Center for Advanced BioEnergy Research, University of Illinois at Urbana-Champaign

Thursday, December 16, 2010

'Green genes' in yeast may boost biofuel production by increasing stress tolerance

Physorg.com
December 15, 2010

An effort to increase biofuel production has led scientists to discover genes in yeast that improve their tolerance to ethanol, allowing them to produce more ethanol from the same amount of nutrients. This study, published in the December 2010 issue of Genetics, shows how genetically altered yeast cells survive higher ethanol concentrations, addressing a bottleneck in the production of ethanol from cellulosic material (nonfood plant sources) in quantities that could make it economically competitive with fossil fuels.

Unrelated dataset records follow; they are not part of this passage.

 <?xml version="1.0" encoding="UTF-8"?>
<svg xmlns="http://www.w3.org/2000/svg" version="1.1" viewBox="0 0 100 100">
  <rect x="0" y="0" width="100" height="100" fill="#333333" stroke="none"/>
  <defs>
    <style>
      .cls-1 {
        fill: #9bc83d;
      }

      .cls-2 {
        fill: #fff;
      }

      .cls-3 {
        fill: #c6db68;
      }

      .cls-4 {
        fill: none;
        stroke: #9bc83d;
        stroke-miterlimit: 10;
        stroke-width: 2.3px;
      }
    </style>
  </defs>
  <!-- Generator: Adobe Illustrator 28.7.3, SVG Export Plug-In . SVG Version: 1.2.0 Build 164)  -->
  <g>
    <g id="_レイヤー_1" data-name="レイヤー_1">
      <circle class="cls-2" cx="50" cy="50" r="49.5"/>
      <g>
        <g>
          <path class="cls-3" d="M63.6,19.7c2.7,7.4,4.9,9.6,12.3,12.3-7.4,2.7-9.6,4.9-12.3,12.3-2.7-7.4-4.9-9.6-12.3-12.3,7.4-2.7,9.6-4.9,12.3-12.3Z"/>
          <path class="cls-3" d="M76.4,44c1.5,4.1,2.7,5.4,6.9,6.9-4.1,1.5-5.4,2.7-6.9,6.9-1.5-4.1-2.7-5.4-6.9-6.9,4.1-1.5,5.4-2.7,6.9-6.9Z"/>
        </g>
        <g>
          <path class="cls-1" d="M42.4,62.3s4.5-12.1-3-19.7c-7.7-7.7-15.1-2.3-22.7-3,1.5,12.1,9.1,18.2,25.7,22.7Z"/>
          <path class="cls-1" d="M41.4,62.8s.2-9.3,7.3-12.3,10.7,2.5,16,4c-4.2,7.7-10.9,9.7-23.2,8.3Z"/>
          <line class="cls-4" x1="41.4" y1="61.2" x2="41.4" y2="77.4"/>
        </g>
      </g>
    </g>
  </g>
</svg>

"Our hope is that this research will take us closer to the goal of producing cheap, efficient, and environmentally friendly cellulosic ethanol," said Audrey P. Gasch, Ph.D., a researcher involved in the work and an Assistant Professor of Genetics from the University of Wisconsin-Madison. "At the same time, we've learned a lot about how cells respond to alcohol stress. So the project has been very productive from multiple angles."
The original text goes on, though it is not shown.